[Start of section]

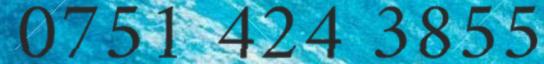
0751 424 3855
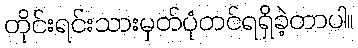
တိုင်းရင်းသားမှတ်ပုံတင်ရရှိခဲ့တာပါ။
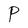
Character: P
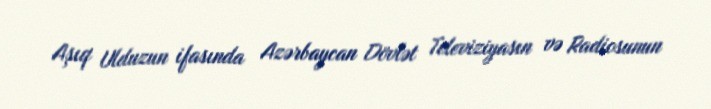
Aşıq Ulduzun ifasında Azərbaycan Dövlət Televiziyasın və Radiosunun
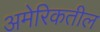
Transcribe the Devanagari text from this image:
अमेरिकतील
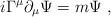
LaTeX: \begin{align*}i \Gamma^{\mu} \partial_{\mu} \Psi = m \Psi ~,\end{align*}
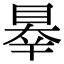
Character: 𥇝
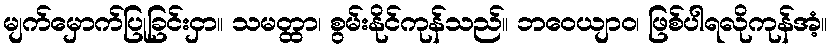
မျက်မှောက်ပြုခြင်းငှာ။ သမတ္ထာ၊ စွမ်းနိုင်ကုန်သည်။ ဘဝေယျာဝ၊ ဖြစ်ပါရလိုကုန်အံ့။
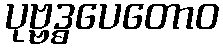
ပုဗ္ဗဒ္ဓပေတောဝ
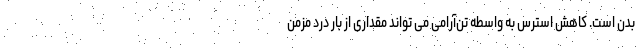
بدن است. کاهش استرس به واسطه تن‌آرامی می تواند مقداری از بار درد مزمن
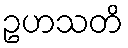
ဥဟသတိ
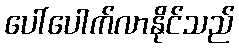
ပေါ်ပေါက်လာနိုင်သည်
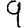
Digit: 9
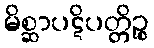
မိစ္ဆာပဋိပတ္တိဉ္စ
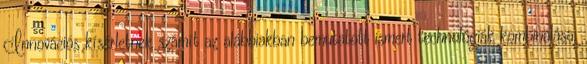
Innovációs kísérletnek számít az alábbiakban bemutatott ismert technológiák kombinálása,
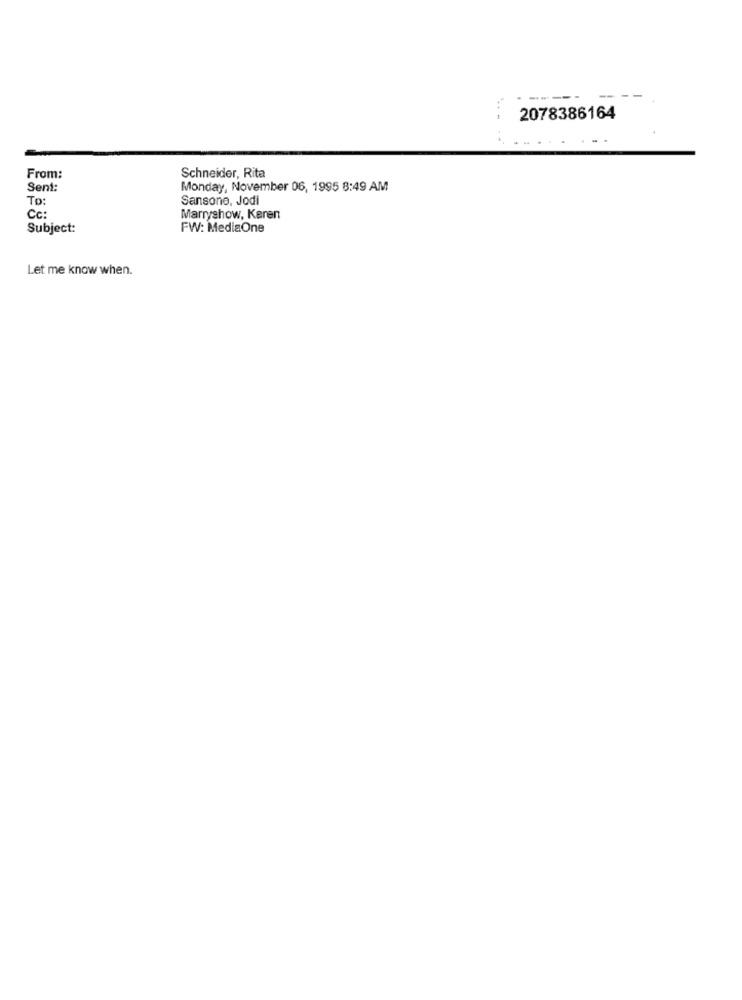
-----
2078386164
From:
Schneider, Rita
Sent:
Monday, November 06, 1995 8:49 AM
To :
Sansone, Jodi
Cc:
Marryshow, Karen
Subject:
FW: MediaOne
Let me know when.

[End of section]

Exercise prompt >>
What is needed is an exact copy of the lines from the one with "Innovációs kísérletnek számít" through the end of the data above, both included, minus any pictures.

Task output >>
Innovációs kísérletnek számít az alábbiakban bemutatott ismert technológiák kombinálása,
-----
2078386164
From:
Schneider, Rita
Sent:
Monday, November 06, 1995 8:49 AM
To :
Sansone, Jodi
Cc:
Marryshow, Karen
Subject:
FW: MediaOne
Let me know when.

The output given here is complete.